Citation Numbers: 163 S.W. 621, 1914 Tex. App. LEXIS 540
Judges: Carl
Filed Date: 1/28/1914
Status: Precedential
Modified Date: 10/19/2024
The appellee, Jesse F. Jenkins, brought this suit against the St. Louis, Brownsville Mexico Railway Company, appellant, to recover damages for the death of his son, Harvey E. Jenkins, while operating an engine on appellant's road, handling a work train. The death of Harvey E. Jenkins occurred September 22, 1906, and plaintiff below was 55 years of age.
Various acts of negligence on the part of appellant are set forth in the first amended original petition, among which it was charged that the switch engine on which Harvey Jenkins was killed had no pony trucks, or small wheels, in front, and that the track was uneven and not ballasted, and that the rails had sunken joints at or near the place of the accident, and by reason of the fact that there were no such pony trucks, and because the track was uneven and had sunken Joints in the rails, the engine was thrown from the track and Harvey Jenkins killed. Appellant answered by general demurrer, special exceptions, and general denial, and further pleaded assumed risk and contributory negligence on part of deceased in that he knew the condition of the track and the character of engine. It was further alleged that he was running the engine at an excessive rate of speed in violation of rules of safety.
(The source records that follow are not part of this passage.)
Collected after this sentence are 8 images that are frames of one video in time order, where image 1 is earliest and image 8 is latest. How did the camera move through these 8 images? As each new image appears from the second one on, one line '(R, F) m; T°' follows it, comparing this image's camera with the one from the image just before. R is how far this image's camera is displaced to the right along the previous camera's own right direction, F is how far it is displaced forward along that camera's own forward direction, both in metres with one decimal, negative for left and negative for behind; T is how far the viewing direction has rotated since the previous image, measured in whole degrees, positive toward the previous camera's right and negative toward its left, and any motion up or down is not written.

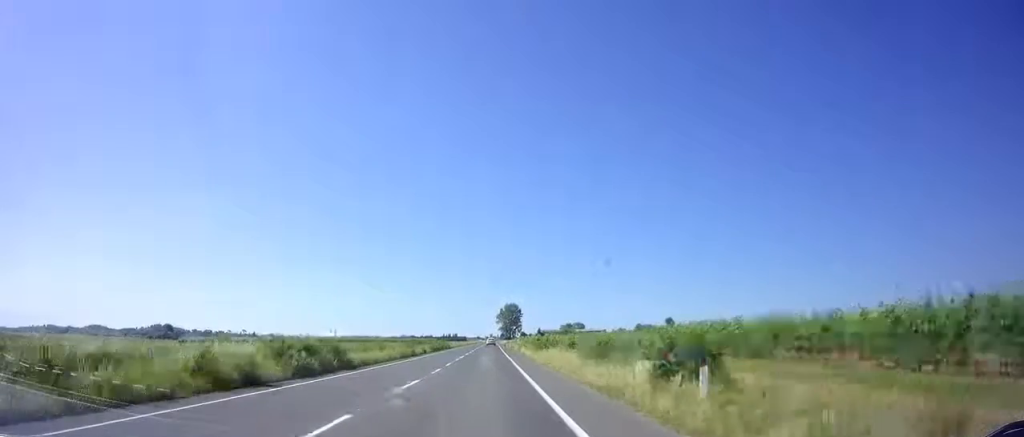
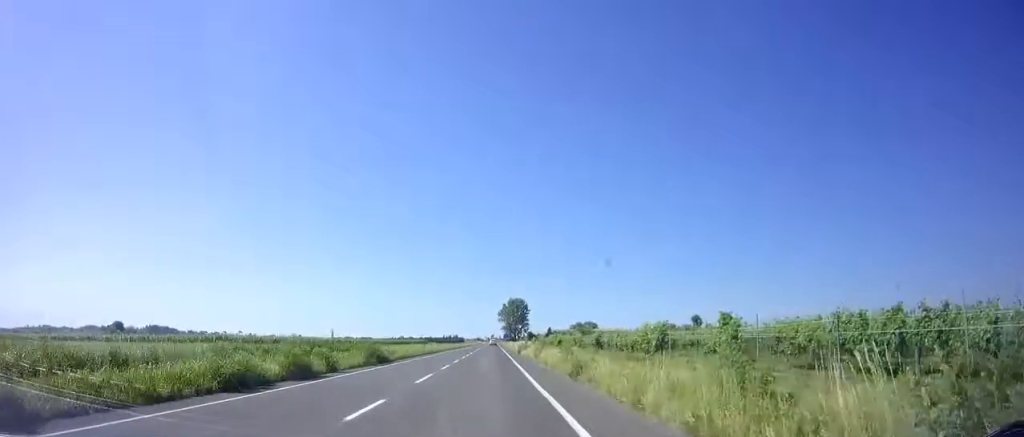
(+0.1, +49.1) m; 0°
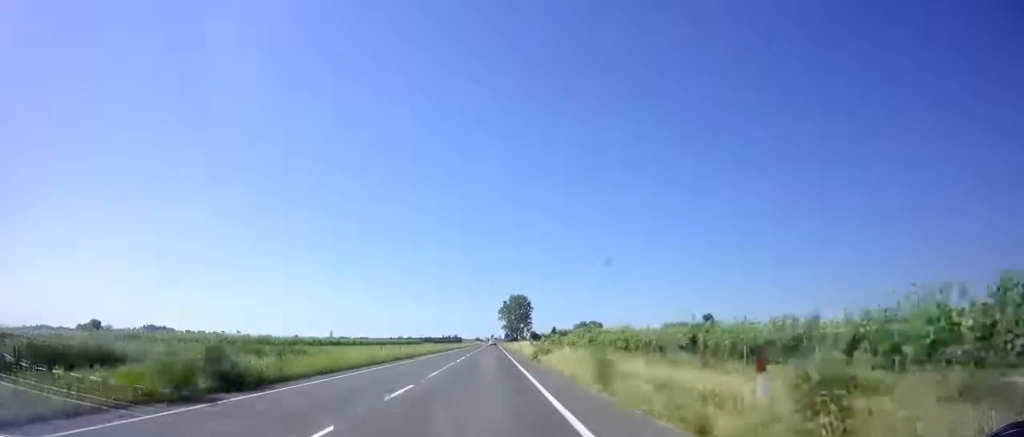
(0.0, +18.9) m; 0°
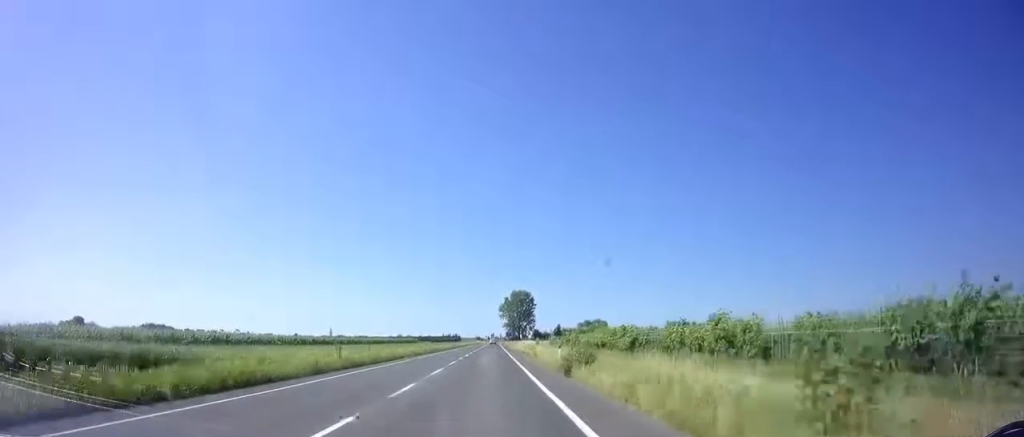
(-0.1, +13.3) m; 0°
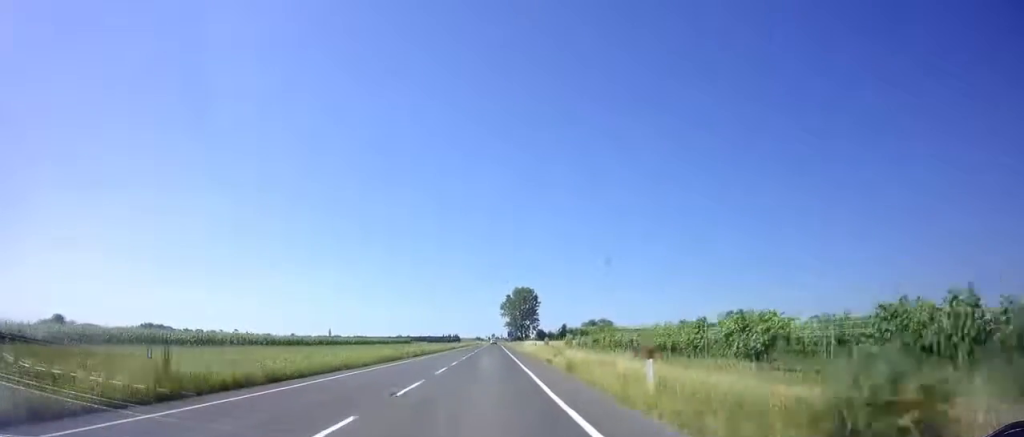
(0.0, +14.7) m; 0°
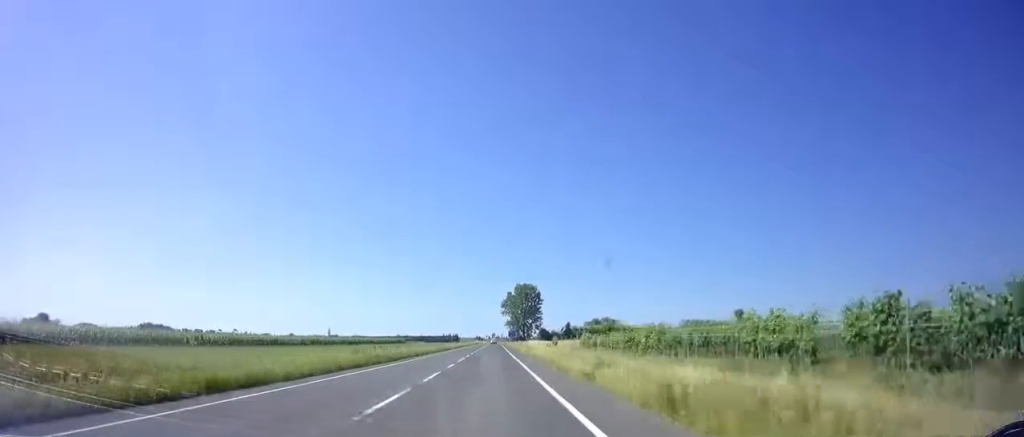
(0.0, +10.5) m; 0°
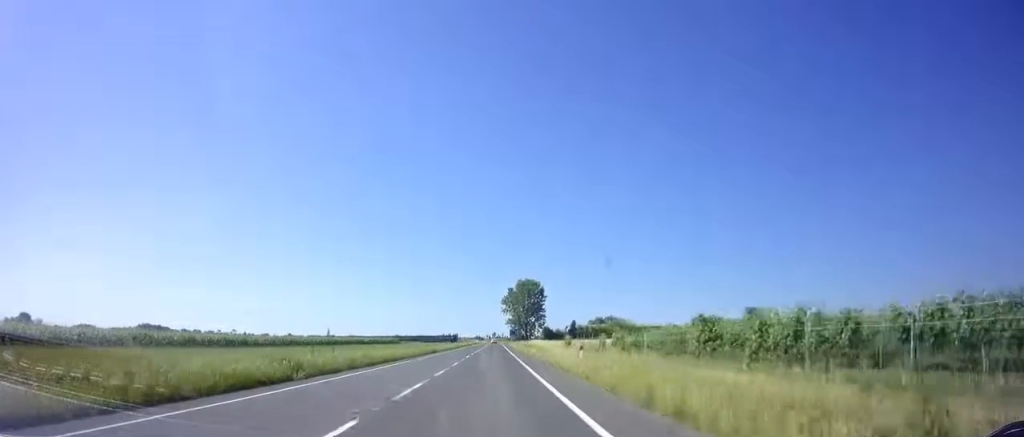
(-0.1, +11.9) m; 0°
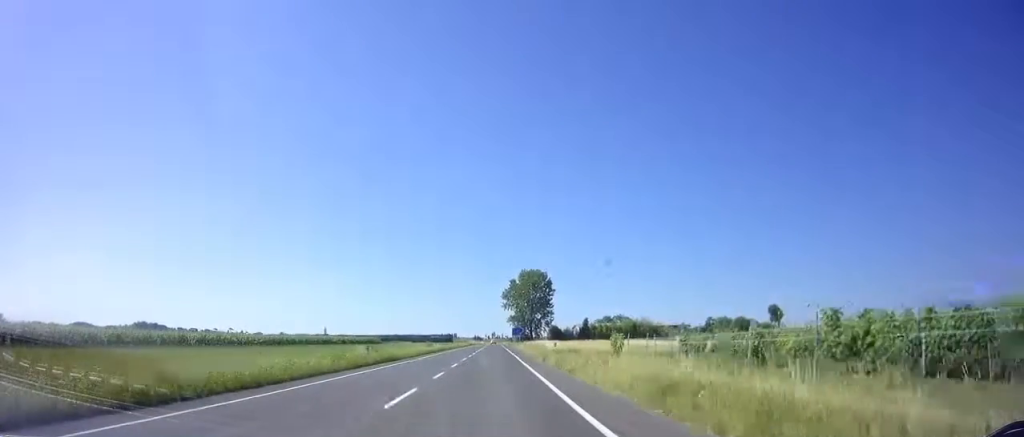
(0.0, +24.4) m; 0°

The case was tried by a jury and resulted in a verdict in favor of plaintiff for $7,551, and, from the judgment thereon rendered, this appeal is taken.
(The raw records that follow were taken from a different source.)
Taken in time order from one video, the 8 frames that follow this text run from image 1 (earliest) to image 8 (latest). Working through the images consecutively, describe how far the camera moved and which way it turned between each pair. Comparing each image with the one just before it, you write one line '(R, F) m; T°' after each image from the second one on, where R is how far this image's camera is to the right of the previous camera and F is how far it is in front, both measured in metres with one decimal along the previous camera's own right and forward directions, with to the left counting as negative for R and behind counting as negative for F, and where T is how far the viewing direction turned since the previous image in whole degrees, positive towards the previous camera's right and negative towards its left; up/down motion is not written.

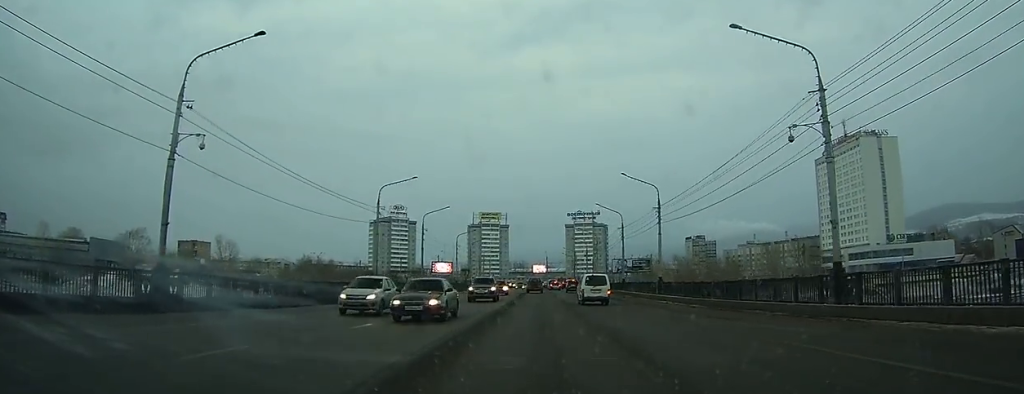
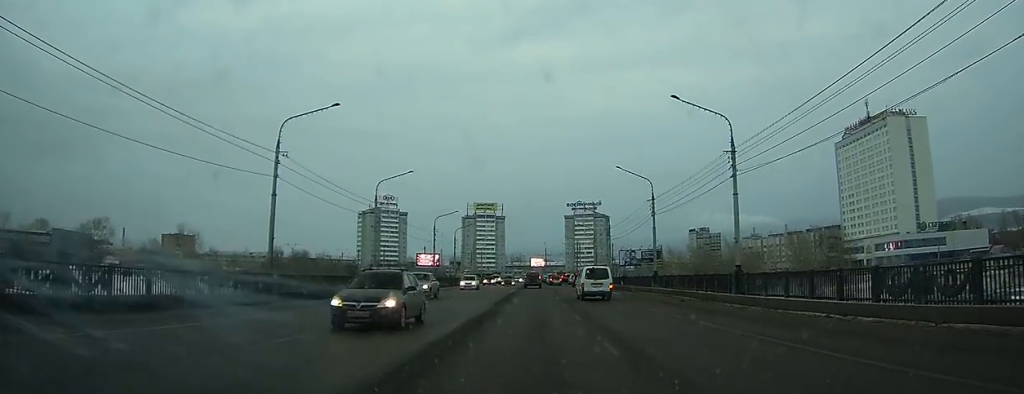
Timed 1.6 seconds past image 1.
(-0.2, +21.0) m; +1°
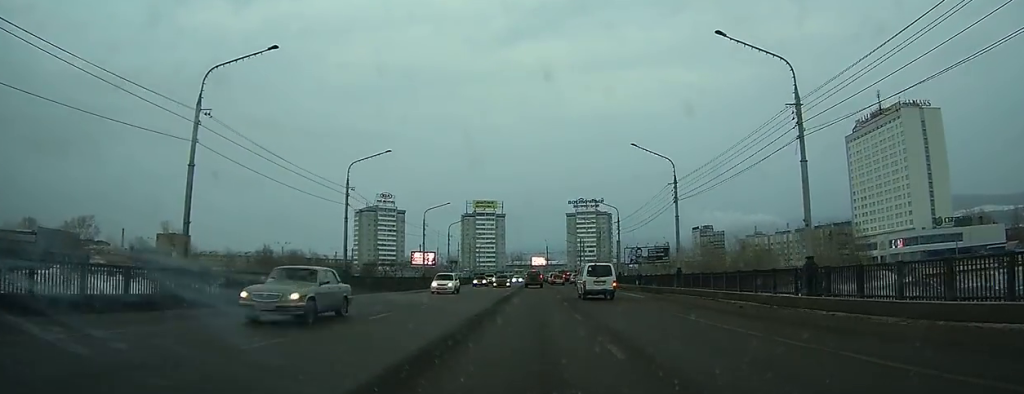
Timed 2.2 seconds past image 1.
(+0.1, +8.4) m; +1°
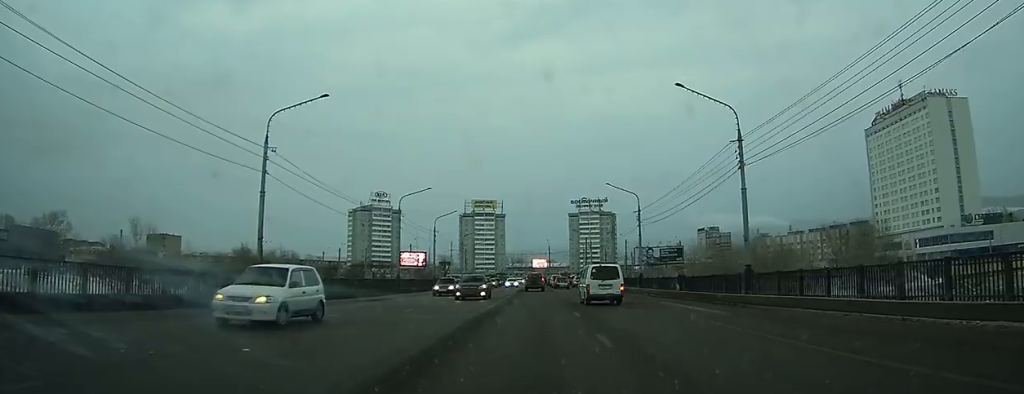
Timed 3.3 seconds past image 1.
(+0.2, +14.5) m; 0°
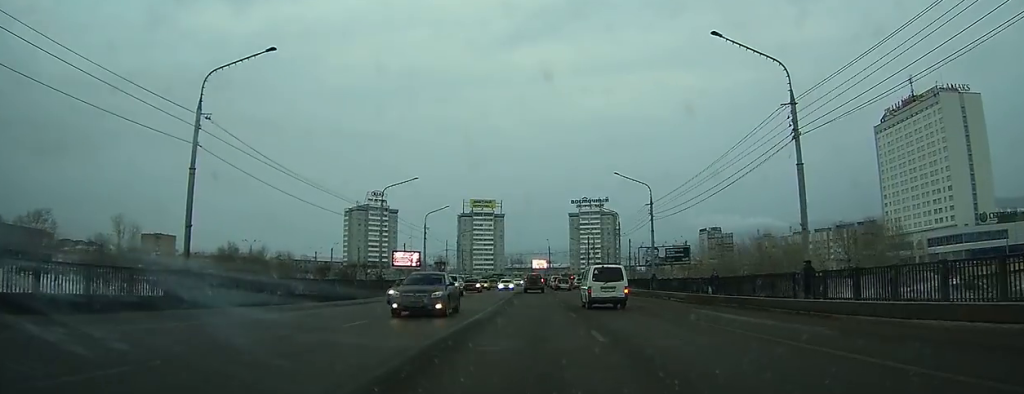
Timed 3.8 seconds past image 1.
(0.0, +7.0) m; 0°
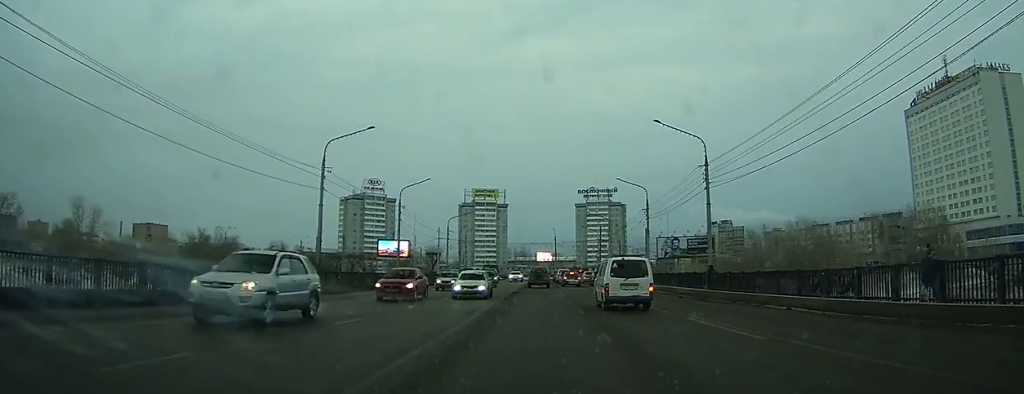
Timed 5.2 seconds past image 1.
(0.0, +16.9) m; 0°
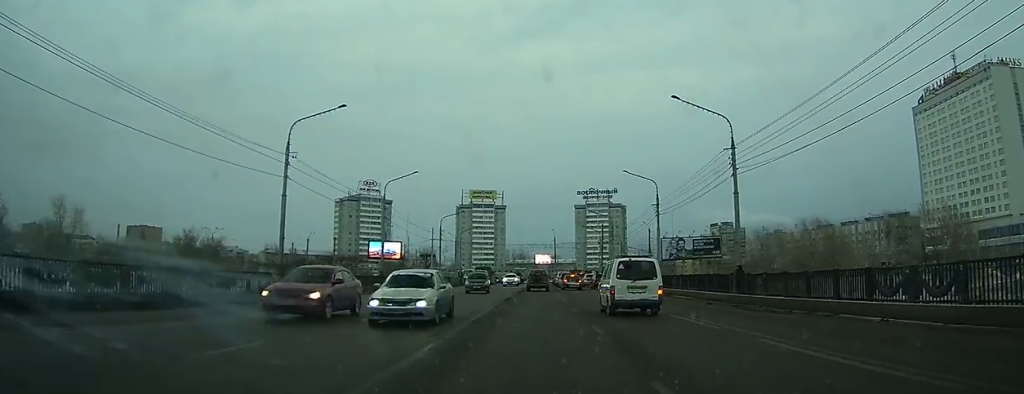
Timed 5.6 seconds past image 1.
(0.0, +5.8) m; 0°
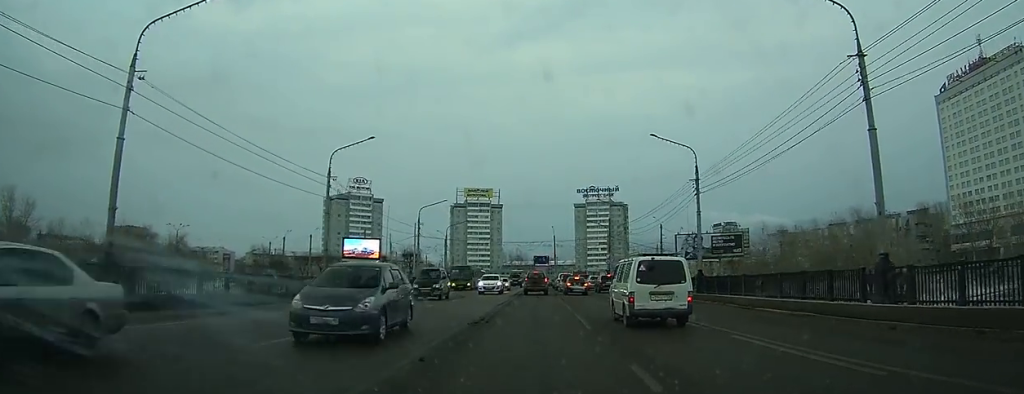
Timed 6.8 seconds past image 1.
(-0.2, +14.4) m; -1°

There are 157 assignments of error laid at the feet of the district judge; but only 22 of the assignments are briefed, and of these only 12 are strongly urged.
The first and thirteenth assignments complain that the verdict is excessive; but in view of another trial they will not be considered. *Page 622
In the second, third, fourth, fourteenth, fifteenth, and sixteenth assignments the charge of the court on the measure of damages is assailed, and these will all be here treated together.
On the measure of damages, the court charged the jury as follows: "If under these instructions you should find the defendant liable, you will find in favor of plaintiff against defendant, as damages, such a sum as would be equal to the pecuniary benefit, if any, that plaintiff had a reasonable expectation of receiving from his deceased son had he lived; and by ``pecuniary benefit' is meant, not only money, but everything that can be valued in money, provided plaintiff cannot recover for sorrow caused by the death of his son or for the loss of his society."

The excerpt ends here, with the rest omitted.